[Stored records]
• • • • • • •
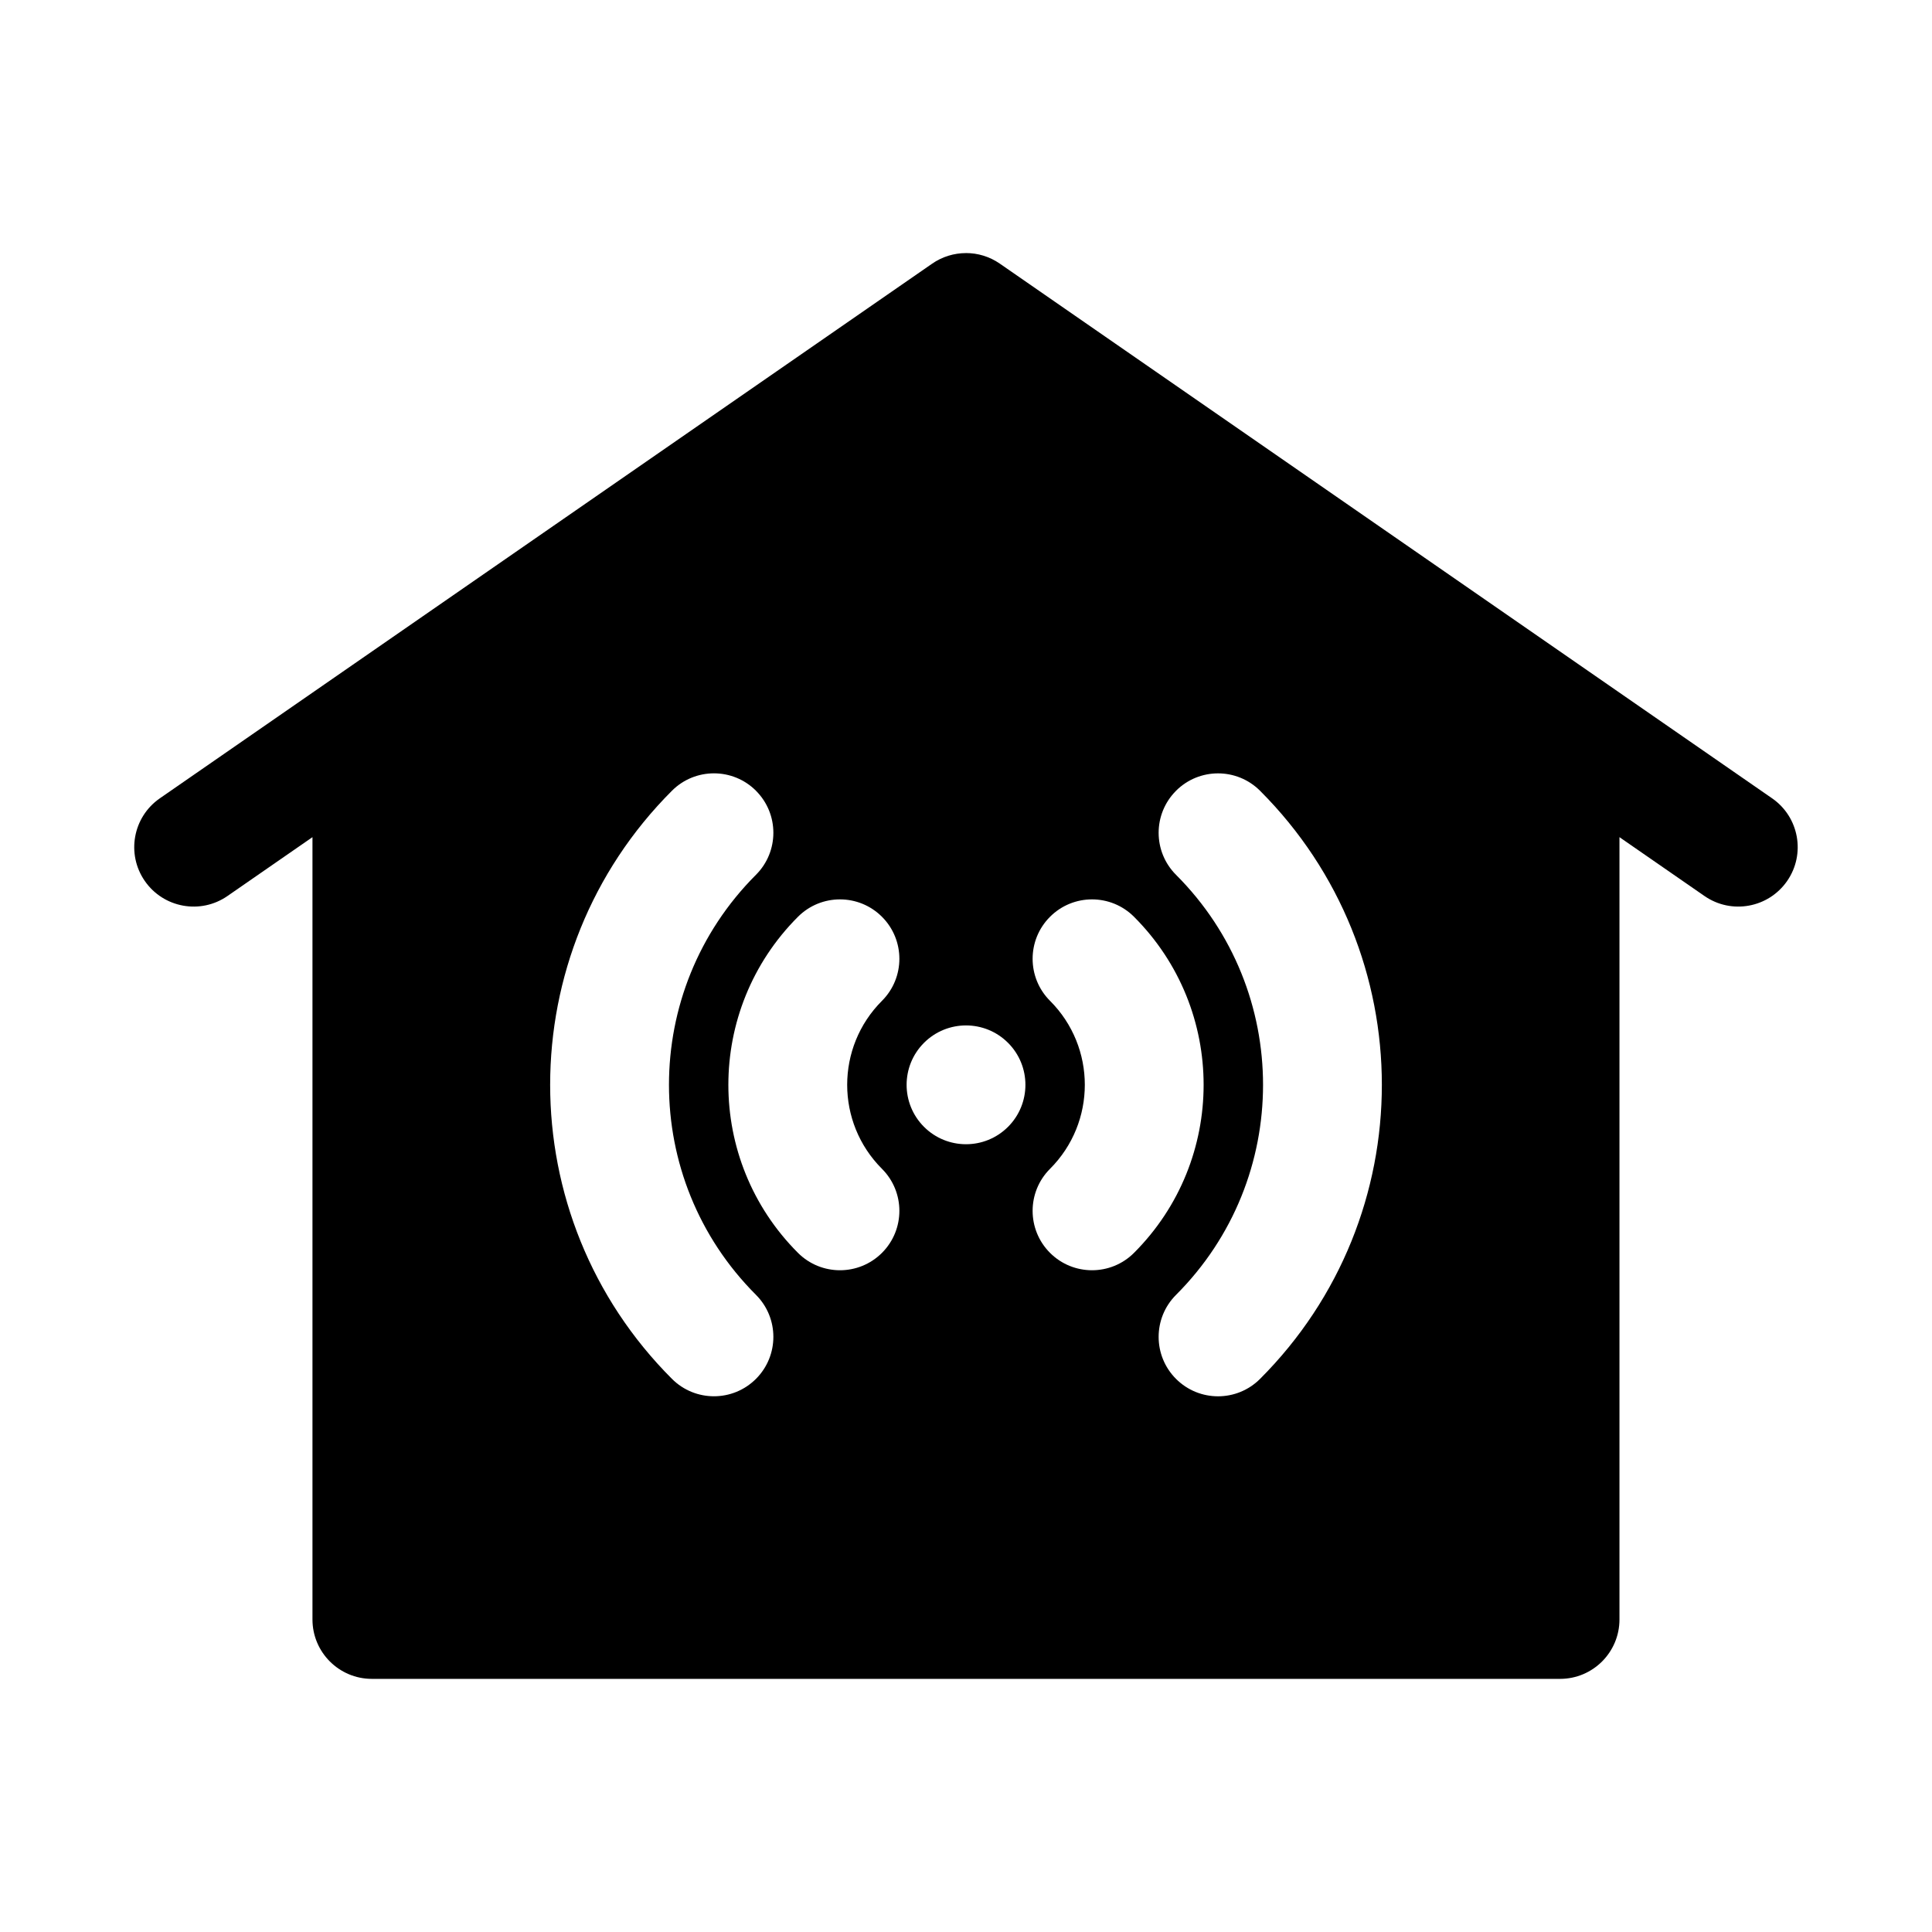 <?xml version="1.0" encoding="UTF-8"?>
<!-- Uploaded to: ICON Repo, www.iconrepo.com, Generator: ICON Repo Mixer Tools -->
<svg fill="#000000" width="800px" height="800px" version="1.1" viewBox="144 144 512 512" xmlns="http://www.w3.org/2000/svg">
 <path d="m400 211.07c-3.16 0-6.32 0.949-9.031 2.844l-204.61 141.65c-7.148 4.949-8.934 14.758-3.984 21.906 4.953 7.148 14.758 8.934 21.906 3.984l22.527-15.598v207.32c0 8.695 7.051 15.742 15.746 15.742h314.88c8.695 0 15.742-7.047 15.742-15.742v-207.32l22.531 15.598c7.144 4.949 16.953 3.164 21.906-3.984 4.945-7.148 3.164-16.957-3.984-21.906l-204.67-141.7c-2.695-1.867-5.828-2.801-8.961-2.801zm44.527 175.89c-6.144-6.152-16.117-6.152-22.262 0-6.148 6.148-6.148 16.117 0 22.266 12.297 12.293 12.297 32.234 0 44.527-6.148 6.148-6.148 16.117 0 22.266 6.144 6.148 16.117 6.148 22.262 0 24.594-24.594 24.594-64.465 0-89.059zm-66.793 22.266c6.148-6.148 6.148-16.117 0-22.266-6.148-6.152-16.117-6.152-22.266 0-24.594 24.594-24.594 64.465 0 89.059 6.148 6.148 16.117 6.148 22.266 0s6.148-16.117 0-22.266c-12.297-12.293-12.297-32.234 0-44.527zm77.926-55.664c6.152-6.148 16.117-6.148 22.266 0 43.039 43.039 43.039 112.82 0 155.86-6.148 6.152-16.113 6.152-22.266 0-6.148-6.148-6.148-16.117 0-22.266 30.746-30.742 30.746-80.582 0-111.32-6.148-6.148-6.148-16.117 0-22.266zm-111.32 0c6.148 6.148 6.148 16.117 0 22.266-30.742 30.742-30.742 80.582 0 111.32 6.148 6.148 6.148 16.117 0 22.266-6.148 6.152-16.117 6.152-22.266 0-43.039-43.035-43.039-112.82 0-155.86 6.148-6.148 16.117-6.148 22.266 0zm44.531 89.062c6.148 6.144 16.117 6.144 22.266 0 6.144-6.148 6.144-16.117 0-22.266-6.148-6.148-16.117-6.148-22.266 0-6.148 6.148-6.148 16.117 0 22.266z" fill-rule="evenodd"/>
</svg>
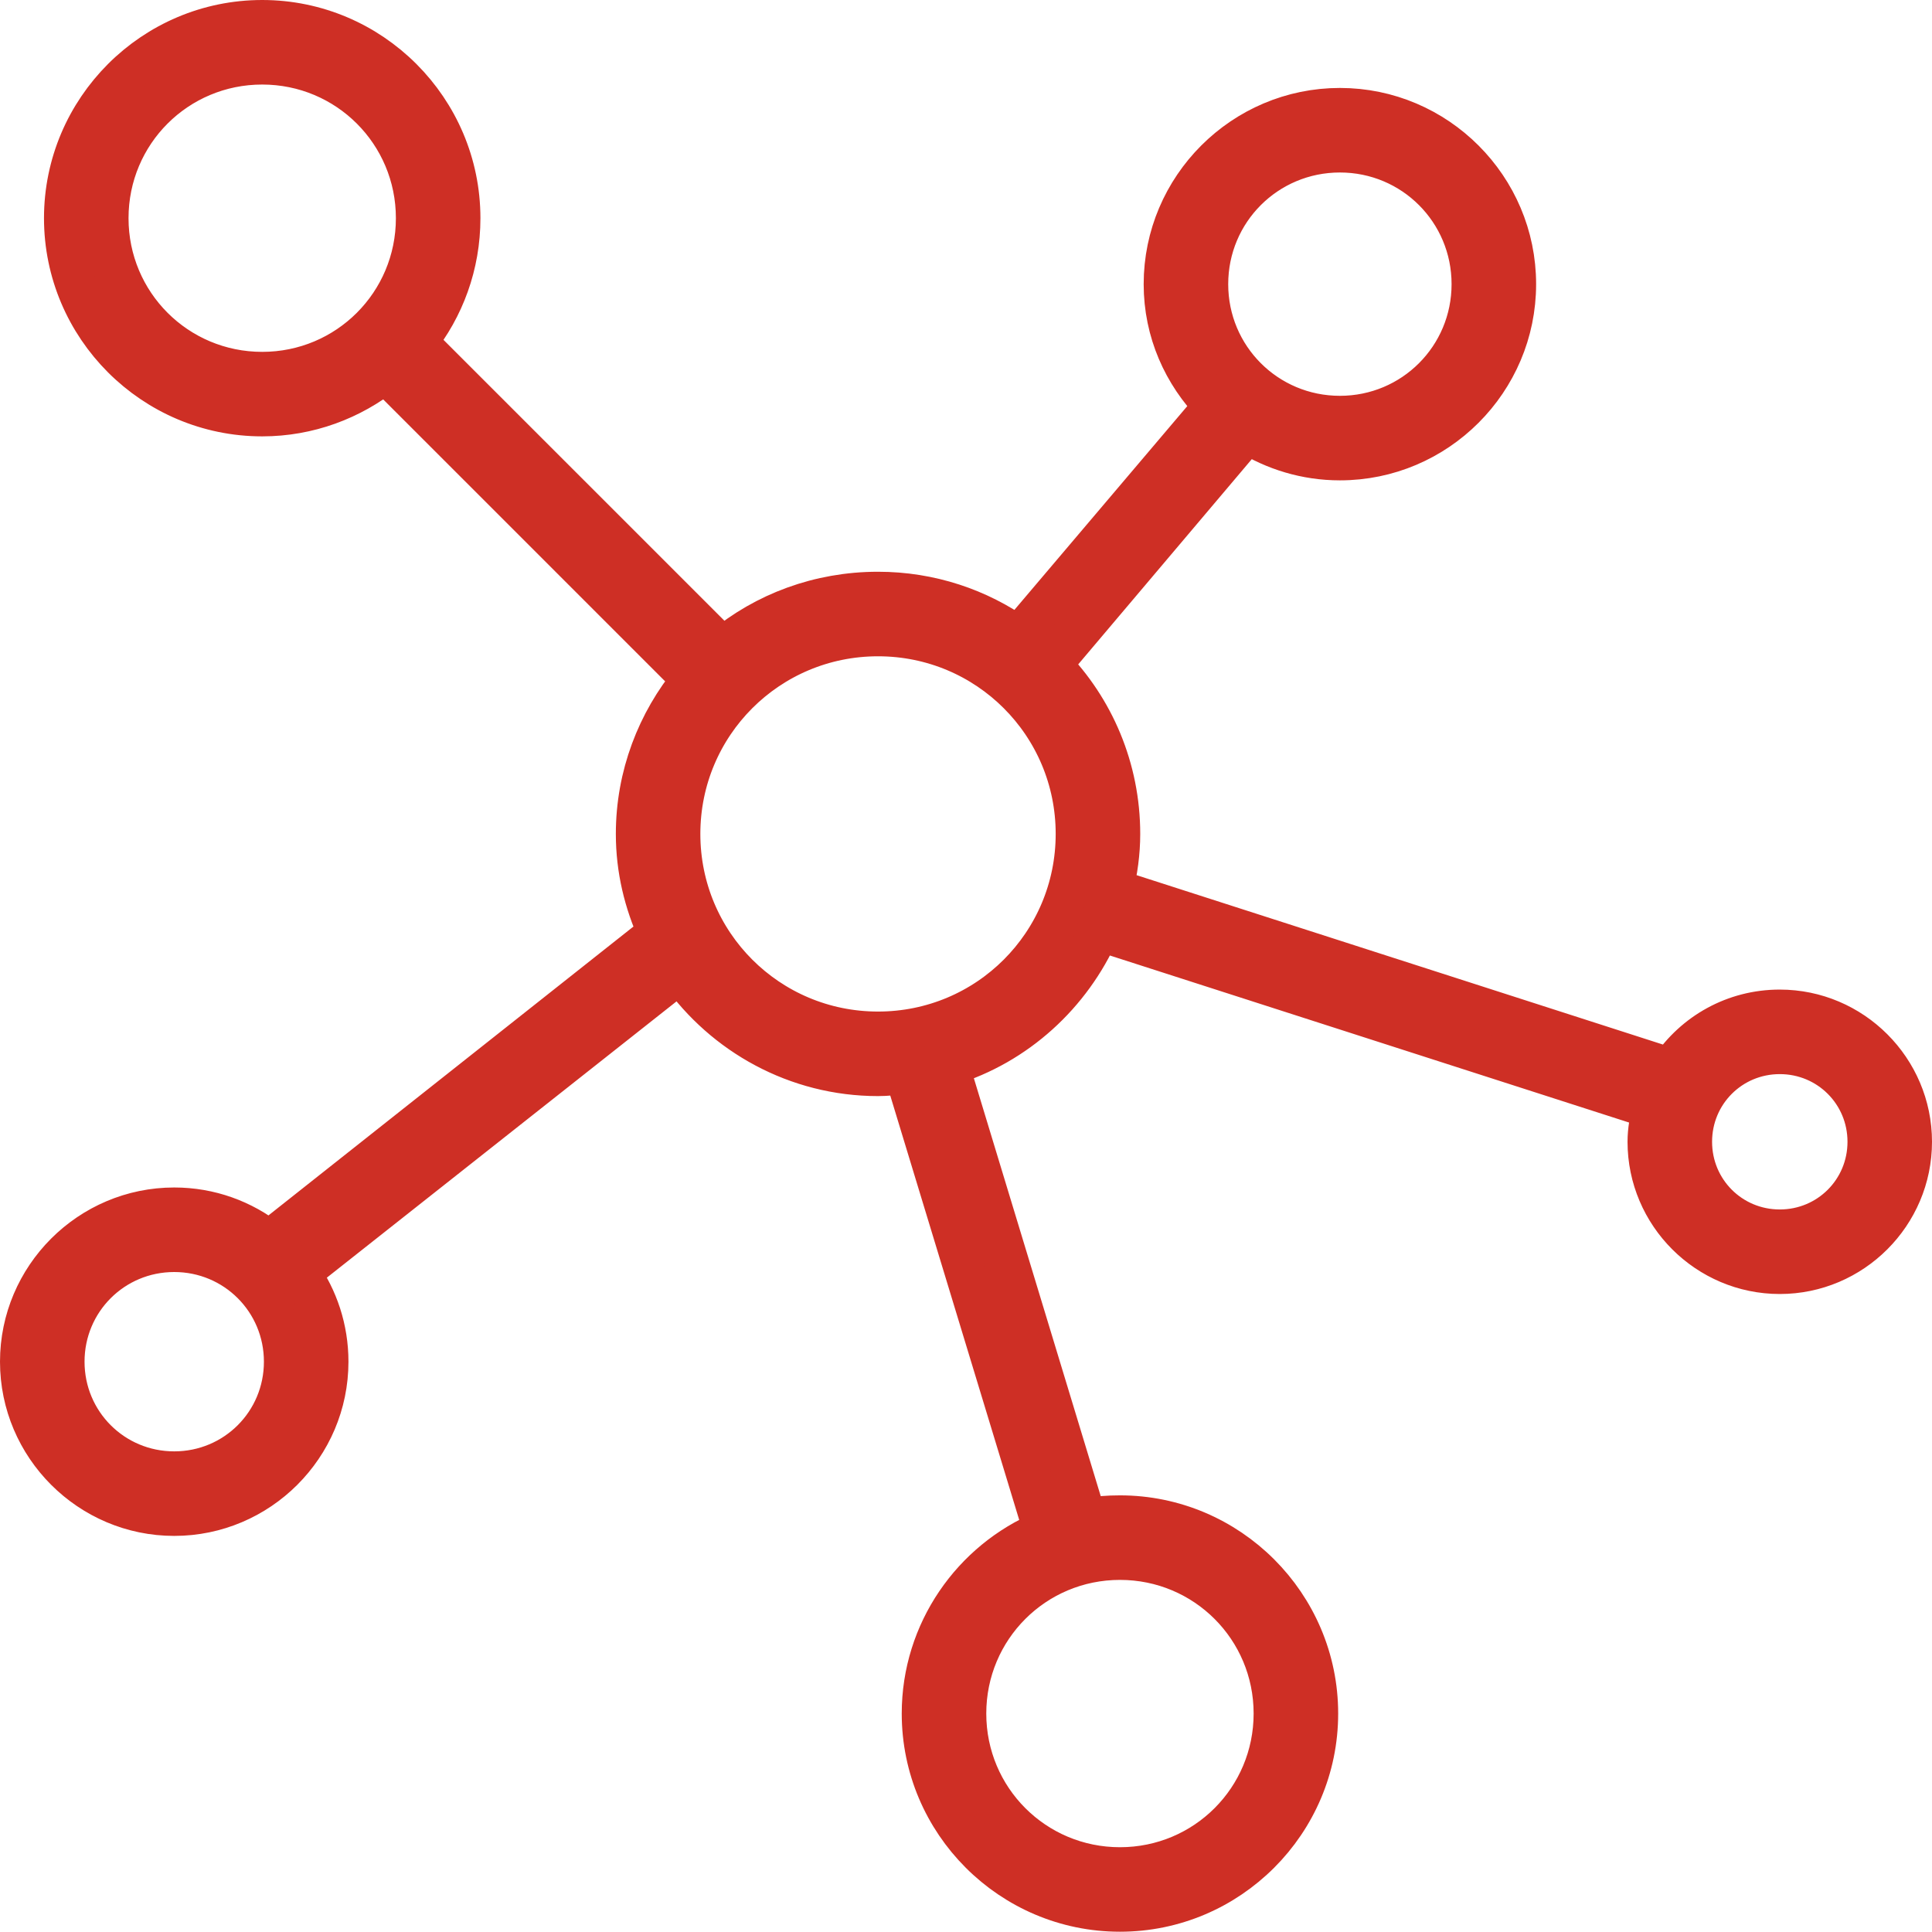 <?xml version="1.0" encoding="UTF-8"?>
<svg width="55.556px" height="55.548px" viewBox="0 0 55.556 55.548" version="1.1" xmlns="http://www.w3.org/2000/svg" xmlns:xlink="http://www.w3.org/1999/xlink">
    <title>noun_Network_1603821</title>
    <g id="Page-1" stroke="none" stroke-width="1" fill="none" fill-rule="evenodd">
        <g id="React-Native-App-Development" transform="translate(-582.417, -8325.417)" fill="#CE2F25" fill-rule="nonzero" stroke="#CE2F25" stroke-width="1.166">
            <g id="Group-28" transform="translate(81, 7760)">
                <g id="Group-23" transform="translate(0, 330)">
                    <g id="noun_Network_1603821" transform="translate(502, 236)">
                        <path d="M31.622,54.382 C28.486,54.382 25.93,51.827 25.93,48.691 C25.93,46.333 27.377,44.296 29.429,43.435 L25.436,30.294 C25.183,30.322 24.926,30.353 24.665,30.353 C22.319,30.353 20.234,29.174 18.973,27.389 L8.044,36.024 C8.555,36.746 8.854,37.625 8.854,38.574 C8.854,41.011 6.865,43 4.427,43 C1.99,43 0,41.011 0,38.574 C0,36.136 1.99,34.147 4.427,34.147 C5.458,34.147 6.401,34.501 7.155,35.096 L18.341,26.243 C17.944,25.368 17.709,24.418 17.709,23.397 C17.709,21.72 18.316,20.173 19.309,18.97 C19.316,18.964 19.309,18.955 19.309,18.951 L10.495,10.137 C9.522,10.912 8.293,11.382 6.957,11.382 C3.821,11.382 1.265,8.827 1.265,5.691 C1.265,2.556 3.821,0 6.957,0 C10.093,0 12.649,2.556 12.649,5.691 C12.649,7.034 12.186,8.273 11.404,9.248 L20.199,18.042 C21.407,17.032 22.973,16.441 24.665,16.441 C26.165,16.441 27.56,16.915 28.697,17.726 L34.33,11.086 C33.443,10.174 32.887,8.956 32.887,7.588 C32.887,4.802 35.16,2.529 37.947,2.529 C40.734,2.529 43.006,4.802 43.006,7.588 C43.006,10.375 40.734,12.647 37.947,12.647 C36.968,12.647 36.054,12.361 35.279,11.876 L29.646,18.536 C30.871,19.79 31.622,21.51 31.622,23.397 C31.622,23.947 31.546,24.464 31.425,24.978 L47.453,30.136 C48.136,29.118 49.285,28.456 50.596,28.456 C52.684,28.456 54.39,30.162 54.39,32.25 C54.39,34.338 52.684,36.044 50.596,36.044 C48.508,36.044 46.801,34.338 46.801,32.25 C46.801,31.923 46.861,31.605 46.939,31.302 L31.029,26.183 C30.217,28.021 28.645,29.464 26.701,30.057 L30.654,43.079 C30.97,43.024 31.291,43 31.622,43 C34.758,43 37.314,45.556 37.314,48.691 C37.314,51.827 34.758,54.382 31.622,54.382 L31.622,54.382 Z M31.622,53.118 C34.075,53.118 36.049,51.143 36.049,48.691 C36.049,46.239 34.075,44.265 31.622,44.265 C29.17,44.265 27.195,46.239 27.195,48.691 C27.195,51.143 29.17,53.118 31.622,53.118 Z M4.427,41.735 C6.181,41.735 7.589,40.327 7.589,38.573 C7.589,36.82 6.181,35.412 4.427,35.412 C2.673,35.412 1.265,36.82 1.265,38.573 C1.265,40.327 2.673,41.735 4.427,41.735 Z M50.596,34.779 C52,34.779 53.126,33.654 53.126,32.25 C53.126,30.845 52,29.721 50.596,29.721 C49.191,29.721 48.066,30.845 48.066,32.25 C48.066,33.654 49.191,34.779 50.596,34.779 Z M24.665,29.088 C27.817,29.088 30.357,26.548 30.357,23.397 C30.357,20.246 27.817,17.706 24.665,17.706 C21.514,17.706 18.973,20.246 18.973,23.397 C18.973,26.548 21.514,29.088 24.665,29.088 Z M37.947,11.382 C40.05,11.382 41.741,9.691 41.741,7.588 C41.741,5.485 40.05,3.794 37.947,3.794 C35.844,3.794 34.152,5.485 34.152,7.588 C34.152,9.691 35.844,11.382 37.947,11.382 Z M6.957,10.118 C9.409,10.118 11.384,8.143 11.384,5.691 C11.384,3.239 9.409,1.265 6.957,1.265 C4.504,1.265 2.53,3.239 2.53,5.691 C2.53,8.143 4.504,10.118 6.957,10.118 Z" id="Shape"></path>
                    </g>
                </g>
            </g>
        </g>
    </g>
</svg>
• • • • • • •
Your task
Find each line of the data above that holds the word "transform", then copy it.

Solution to this task
        <g id="React-Native-App-Development" transform="translate(-582.417, -8325.417)" fill="#CE2F25" fill-rule="nonzero" stroke="#CE2F25" stroke-width="1.166">
            <g id="Group-28" transform="translate(81, 7760)">
                <g id="Group-23" transform="translate(0, 330)">
                    <g id="noun_Network_1603821" transform="translate(502, 236)">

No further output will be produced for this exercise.